Kaplan-Meier Survival Curves and Feature Importance Analysis of Stroke Patients Receiving Standard and Specialized Enteral Nutrition. (A) Kaplan-Meier survival curve for patients receiving standard enteral nutrition showing survival probabilities over different follow-up times. (B) Kaplan-Meier survival curve for patients receiving specialized enteral nutrition. (C) Comparative Kaplan-Meier survival curve between standard and specialized nutrition groups. (D) Top 15 feature importances from the XGBoost model trained on the full patient cohort. (E) Top 15 feature importances from the XGBoost model for the specialized nutrition subgroup. (F) Top 15 feature importances from the XGBoost model for the standard nutrition subgroup

Log-Rank test results showed no statistically significant difference between the survival curves of the two nutrition types (p = 0.6543), indicating that both nutrition types had a similar impact on patient survival probabilities. Despite differences observed in Kaplan-Meier curves, the Log-Rank test suggests that these variations might be due to random fluctuations rather than actual effects of nutrition type. This finding provides important insights for clinical nutrition strategies, suggesting that other factors may need to be considered when choosing nutrition types for stroke patients.

Feature importance analysis

XGBoost model feature importance analysis

Using the XGBoost model, we conducted survival analysis on 81 stroke patients who received enteral nutrition from the MIMIC-IV database. Feature importance analysis identified the most influential factors for predicting survival time. The Charlson Comorbidity Index (CCI) was the most important predictor, with an F-score of 12.0, highlighting its critical role in evaluating long-term prognosis. Other significant features included minimum glucose value, age, and in-hospital mortality, each with an F-score of 5.0, indicating their importance in the predictive model. The model’s C-index was 0.80 on the test set, further validating its effectiveness in survival time prediction (Fig. 2D).

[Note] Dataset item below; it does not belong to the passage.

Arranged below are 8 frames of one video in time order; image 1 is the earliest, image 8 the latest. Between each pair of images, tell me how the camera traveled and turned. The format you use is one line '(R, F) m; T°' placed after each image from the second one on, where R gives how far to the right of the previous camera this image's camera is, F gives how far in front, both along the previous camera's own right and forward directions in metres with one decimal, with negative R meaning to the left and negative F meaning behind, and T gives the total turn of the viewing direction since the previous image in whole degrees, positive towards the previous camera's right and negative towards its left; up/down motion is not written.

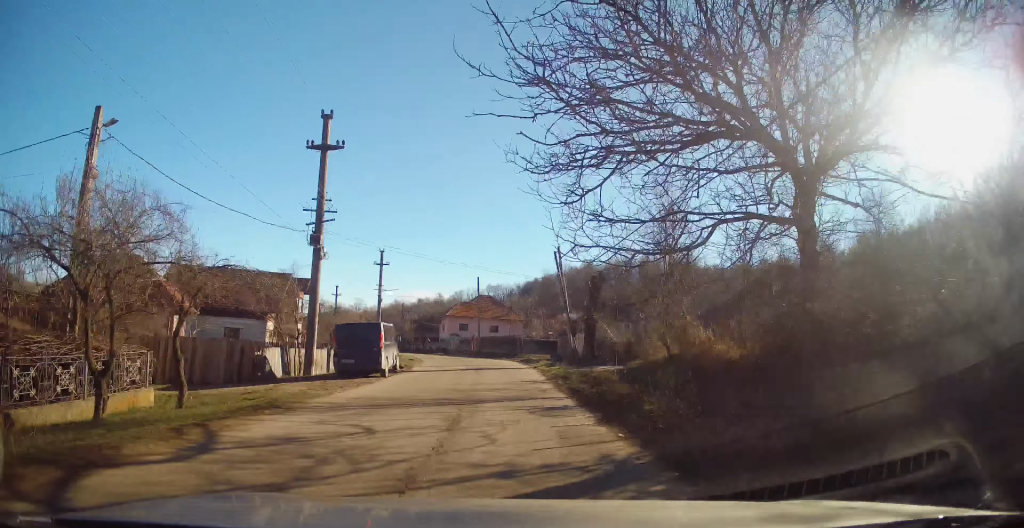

Feature importance analysis for different nutrition types (Standard vs. Specialized nutrition)

In this study, we compared the impact of Standard and Specialized nutrition types on the survival time of stroke patients. The model’s predictive performance was assessed using the C-index, with the Standard nutrition group achieving a perfect C-index of 1.00, demonstrating flawless prediction accuracy. The feature importance analysis of the XGBoost machine learning model showed that age was the most critical predictor in the Standard nutrition group, with an F-score of 5.0. In contrast, the Specialized nutrition group had a C-index of 0.85, indicating good predictive accuracy, and the most important feature in this group was the in-hospital mortality marker, with an F-score of 5.0. These results provide valuable insights for optimizing clinical nutrition interventions, emphasizing the differences in survival time prediction factors between the two nutrition types (Fig. 2E and F).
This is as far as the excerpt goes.